** TASK GOAL **
From the top of the entries, reproduce each line exactly, stopping after the line that contains "human: [s2_rgb_10]". Omit pictures.

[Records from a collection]
┌──
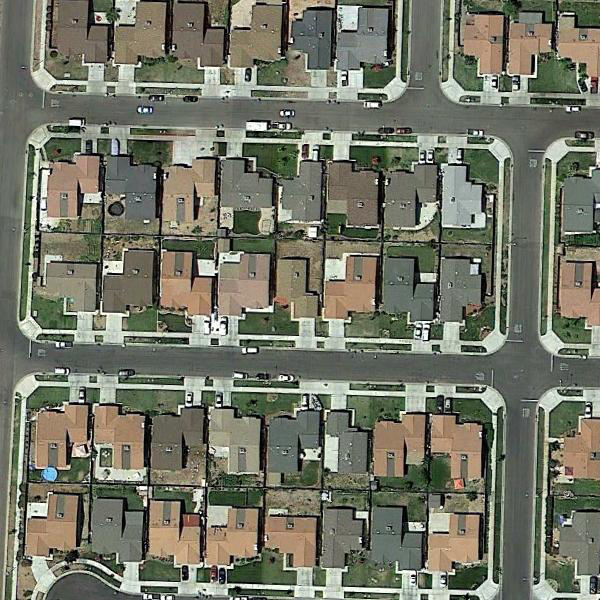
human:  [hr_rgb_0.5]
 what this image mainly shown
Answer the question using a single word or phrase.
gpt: dense residential
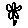
Label: flower
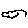
Label: cloud
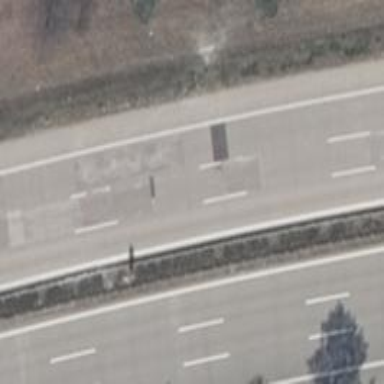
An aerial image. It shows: Motorway with concrete surface.
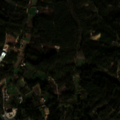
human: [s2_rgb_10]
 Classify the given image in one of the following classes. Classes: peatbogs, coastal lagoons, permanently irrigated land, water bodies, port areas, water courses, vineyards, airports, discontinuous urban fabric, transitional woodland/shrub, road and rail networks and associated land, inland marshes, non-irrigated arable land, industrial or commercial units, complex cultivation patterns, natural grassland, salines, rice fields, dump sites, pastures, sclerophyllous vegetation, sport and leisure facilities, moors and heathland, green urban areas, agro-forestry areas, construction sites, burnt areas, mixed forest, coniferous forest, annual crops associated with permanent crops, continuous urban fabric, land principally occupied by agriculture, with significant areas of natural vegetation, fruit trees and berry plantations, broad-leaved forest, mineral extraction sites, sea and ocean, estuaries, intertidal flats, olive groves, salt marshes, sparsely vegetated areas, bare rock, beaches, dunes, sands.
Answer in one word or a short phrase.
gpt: discontinuous urban fabric, olive groves, land principally occupied by agriculture, with significant areas of natural vegetation, mixed forest, transitional woodland/shrub
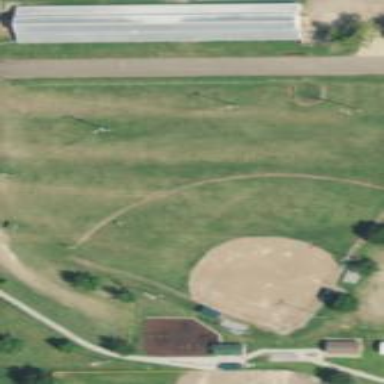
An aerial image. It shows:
└──
** RESPONSE BOX **
human:  [hr_rgb_0.5]
 what this image mainly shown
Answer the question using a single word or phrase.
gpt: dense residential
Label: flower
Label: cloud
An aerial image. It shows: Motorway with concrete surface.
human: [s2_rgb_10]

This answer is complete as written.